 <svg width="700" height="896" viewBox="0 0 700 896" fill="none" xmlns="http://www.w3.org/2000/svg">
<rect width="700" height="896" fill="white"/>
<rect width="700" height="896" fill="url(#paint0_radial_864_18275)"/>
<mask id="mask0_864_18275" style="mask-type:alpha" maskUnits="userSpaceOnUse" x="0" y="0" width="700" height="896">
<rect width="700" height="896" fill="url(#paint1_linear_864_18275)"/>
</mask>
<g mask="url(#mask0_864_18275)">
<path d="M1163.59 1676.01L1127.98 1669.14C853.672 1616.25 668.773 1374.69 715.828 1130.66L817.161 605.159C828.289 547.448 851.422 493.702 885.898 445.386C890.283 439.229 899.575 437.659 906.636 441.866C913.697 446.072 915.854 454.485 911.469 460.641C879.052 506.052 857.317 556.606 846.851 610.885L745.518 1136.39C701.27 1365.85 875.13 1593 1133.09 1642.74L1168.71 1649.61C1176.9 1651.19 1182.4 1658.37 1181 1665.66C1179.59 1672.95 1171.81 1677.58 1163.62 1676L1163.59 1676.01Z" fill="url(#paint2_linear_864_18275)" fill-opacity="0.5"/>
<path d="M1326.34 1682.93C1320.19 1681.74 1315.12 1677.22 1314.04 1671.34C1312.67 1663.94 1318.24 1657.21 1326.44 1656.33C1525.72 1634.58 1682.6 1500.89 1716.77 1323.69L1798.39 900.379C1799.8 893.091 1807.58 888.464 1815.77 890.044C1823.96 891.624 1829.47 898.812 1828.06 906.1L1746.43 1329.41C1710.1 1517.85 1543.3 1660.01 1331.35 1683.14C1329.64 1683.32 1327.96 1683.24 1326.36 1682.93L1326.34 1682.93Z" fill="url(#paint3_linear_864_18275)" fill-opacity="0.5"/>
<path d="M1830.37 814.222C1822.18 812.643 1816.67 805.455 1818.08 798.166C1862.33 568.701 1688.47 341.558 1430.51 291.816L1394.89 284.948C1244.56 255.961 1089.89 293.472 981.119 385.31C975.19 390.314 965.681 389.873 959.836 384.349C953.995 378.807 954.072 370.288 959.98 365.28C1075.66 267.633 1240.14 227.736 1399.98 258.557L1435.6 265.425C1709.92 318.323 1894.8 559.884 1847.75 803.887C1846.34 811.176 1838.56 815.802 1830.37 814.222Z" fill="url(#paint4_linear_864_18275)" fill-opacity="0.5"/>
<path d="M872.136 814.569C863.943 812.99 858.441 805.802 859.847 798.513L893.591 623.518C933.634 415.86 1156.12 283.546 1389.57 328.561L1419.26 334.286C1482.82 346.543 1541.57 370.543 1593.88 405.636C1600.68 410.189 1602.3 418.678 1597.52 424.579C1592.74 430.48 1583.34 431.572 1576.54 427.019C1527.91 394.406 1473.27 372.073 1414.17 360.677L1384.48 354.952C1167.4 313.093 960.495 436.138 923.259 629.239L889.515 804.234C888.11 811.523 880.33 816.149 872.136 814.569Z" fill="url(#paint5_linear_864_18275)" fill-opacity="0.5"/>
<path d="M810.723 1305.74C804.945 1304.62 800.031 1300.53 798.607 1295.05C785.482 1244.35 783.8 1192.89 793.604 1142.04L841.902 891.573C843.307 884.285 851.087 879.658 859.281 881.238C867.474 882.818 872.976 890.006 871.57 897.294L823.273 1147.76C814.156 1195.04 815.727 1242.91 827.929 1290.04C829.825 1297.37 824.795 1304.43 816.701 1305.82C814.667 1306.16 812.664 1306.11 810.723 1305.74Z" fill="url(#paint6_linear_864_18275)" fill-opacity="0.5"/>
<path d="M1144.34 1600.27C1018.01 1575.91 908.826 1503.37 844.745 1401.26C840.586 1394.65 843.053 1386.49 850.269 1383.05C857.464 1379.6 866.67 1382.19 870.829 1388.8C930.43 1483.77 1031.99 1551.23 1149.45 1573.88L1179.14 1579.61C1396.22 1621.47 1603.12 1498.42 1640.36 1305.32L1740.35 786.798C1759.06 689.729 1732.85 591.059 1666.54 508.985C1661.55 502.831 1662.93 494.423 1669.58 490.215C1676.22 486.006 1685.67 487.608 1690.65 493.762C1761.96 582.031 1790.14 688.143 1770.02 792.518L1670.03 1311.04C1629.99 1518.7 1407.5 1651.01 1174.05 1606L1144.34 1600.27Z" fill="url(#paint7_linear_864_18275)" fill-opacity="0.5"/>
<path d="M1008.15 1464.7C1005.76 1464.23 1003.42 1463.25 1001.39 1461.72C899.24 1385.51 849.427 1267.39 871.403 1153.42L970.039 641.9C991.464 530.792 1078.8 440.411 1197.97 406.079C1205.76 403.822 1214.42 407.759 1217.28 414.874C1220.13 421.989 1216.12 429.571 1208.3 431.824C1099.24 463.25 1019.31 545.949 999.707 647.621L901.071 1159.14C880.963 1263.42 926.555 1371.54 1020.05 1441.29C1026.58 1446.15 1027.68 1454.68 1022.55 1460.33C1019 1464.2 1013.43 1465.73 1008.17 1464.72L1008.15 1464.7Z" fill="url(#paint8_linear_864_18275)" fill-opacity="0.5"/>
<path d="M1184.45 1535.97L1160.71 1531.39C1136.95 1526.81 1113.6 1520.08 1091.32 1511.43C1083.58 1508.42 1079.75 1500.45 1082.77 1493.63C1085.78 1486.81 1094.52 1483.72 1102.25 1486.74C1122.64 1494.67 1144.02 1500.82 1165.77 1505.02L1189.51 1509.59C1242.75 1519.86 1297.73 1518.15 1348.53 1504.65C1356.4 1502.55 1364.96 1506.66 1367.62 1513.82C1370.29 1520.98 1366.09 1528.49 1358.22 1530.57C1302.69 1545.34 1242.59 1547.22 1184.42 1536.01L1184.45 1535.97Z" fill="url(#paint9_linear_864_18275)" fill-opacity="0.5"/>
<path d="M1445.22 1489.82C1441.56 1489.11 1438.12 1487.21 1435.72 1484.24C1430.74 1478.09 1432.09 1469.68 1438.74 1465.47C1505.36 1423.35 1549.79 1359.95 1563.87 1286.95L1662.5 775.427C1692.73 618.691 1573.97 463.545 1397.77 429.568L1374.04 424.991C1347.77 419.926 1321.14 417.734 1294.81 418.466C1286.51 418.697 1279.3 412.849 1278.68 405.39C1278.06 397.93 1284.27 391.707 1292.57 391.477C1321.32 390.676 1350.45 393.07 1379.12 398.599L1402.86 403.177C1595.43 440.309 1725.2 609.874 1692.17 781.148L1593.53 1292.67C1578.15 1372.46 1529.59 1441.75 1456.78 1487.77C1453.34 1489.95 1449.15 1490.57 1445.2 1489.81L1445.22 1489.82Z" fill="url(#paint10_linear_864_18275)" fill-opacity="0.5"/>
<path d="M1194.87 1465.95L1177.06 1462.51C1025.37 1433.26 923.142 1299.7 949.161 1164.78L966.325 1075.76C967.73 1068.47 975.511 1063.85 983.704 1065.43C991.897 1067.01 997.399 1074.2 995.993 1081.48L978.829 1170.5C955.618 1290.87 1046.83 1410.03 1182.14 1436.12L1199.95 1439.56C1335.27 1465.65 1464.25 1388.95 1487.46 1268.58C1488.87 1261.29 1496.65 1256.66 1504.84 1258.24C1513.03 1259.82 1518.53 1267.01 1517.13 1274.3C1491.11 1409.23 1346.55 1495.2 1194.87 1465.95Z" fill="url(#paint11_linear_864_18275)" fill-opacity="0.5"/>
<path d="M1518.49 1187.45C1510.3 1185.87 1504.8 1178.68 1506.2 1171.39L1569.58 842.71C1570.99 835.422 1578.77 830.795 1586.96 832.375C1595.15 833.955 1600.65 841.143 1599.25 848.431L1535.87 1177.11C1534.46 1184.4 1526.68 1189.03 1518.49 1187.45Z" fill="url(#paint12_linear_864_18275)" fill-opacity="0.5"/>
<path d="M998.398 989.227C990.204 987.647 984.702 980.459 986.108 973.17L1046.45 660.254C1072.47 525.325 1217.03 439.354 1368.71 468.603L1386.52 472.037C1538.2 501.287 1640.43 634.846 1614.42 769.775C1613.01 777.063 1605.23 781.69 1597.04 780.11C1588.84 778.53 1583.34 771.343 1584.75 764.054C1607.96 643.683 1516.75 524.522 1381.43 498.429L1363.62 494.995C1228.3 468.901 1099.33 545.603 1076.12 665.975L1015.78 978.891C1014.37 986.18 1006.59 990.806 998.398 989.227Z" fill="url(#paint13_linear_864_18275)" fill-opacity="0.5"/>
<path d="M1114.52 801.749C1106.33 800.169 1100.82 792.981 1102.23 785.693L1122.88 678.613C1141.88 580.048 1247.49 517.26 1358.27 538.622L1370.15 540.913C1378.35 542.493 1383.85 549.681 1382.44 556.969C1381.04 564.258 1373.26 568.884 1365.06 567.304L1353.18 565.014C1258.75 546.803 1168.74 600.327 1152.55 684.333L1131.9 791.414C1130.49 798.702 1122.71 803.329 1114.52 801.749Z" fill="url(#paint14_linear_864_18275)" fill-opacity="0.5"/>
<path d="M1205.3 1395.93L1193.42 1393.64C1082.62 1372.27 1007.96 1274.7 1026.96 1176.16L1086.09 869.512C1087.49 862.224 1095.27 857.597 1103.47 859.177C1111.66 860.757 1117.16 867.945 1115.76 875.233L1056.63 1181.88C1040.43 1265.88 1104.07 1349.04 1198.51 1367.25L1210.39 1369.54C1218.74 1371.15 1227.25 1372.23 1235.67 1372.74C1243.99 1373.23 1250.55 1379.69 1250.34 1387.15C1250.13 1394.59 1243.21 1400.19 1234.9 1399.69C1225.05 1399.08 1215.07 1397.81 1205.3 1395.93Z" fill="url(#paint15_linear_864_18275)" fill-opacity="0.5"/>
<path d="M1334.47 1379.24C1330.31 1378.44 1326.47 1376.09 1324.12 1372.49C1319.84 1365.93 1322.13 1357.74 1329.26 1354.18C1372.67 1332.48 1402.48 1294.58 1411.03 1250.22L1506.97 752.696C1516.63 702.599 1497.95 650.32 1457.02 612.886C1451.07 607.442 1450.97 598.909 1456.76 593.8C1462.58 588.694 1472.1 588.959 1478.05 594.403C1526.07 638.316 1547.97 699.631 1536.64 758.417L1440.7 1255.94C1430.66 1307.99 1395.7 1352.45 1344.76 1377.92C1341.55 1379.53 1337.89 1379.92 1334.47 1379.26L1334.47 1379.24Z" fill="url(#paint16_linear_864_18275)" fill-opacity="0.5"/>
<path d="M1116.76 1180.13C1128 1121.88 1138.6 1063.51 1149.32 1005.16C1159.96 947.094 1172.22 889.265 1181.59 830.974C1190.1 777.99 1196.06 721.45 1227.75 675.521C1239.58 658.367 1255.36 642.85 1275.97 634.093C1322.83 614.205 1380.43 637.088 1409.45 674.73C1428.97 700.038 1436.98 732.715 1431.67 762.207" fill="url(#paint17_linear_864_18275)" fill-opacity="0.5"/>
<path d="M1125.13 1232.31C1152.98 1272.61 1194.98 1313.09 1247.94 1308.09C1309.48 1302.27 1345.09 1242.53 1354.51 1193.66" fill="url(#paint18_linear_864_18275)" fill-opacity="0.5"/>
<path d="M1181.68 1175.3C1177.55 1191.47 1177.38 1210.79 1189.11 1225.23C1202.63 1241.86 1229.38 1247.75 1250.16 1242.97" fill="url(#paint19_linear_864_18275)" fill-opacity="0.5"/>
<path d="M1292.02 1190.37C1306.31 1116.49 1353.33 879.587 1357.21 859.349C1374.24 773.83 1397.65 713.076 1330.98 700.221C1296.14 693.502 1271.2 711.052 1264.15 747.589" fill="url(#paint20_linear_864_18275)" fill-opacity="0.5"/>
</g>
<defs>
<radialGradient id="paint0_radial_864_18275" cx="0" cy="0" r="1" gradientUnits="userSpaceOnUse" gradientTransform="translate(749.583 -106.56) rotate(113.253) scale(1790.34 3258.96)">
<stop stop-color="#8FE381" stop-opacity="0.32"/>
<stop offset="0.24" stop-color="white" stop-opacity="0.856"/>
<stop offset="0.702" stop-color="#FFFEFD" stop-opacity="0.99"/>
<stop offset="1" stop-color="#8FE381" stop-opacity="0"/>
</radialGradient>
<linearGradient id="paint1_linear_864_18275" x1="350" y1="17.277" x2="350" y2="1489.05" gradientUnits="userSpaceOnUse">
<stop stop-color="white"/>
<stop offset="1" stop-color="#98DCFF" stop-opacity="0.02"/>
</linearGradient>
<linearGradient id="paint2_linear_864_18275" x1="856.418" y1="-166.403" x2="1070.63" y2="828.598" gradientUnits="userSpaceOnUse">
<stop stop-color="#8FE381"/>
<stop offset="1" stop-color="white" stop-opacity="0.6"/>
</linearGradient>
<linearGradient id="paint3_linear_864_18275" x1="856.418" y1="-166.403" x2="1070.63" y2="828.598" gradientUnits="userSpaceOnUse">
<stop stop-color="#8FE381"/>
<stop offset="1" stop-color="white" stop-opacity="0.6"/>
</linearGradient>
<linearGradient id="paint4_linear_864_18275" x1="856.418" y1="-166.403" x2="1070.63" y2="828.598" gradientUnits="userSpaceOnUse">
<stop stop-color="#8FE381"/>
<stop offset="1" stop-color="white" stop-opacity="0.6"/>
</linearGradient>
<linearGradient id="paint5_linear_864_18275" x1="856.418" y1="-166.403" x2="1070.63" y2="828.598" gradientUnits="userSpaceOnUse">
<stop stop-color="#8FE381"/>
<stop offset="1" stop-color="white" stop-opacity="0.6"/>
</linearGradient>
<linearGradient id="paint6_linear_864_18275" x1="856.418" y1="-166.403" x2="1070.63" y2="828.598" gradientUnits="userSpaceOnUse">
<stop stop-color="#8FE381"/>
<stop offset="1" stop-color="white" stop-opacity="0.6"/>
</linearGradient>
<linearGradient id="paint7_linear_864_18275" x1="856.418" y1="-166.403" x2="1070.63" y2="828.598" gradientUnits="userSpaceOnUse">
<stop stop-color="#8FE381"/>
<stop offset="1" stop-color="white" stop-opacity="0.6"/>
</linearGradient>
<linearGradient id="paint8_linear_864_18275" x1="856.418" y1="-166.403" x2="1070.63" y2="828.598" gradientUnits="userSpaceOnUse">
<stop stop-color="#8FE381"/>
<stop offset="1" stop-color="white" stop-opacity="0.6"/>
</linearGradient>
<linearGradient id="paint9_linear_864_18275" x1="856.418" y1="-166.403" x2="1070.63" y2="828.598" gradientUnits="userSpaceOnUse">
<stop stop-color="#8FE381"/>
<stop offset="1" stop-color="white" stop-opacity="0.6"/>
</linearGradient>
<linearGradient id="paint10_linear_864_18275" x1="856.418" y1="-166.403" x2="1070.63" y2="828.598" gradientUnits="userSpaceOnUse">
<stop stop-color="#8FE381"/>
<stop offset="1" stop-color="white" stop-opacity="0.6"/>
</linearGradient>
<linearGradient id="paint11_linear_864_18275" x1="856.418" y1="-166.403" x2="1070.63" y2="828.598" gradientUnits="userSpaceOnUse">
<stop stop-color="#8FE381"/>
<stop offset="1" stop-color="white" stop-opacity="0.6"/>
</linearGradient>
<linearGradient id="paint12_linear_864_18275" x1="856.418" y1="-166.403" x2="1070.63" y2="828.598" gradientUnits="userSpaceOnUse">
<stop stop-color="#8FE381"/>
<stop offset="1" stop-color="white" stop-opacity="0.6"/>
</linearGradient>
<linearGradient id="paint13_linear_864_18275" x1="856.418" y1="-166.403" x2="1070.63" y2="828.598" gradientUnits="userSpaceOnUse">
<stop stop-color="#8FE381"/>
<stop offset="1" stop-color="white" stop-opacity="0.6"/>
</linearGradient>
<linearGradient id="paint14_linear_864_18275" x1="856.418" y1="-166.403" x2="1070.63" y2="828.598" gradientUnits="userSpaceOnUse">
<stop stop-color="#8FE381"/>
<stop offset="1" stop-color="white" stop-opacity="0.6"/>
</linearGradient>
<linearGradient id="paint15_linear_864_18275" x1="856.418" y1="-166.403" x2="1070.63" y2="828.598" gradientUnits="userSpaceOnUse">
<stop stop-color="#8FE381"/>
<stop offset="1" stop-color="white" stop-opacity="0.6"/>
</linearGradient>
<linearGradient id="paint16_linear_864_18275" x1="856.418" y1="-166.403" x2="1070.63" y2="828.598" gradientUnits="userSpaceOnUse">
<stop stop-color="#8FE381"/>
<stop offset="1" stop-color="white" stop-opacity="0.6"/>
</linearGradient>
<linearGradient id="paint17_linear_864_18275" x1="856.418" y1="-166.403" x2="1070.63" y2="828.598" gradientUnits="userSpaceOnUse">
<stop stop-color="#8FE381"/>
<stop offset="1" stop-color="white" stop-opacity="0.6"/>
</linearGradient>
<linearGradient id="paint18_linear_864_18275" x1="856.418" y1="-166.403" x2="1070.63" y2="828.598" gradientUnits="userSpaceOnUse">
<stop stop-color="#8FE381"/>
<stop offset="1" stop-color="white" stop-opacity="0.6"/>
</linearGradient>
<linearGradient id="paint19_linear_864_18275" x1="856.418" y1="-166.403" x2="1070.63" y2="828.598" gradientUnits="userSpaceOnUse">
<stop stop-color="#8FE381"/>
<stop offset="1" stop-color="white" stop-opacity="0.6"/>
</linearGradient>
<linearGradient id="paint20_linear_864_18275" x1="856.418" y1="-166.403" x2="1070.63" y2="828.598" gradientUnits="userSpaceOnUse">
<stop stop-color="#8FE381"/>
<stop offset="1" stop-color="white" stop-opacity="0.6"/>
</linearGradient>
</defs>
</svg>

§ §

» Prompt
Return every line in the listing that contains the word "rect".

» Expected output
<rect width="700" height="896" fill="white"/>
<rect width="700" height="896" fill="url(#paint0_radial_864_18275)"/>
<rect width="700" height="896" fill="url(#paint1_linear_864_18275)"/>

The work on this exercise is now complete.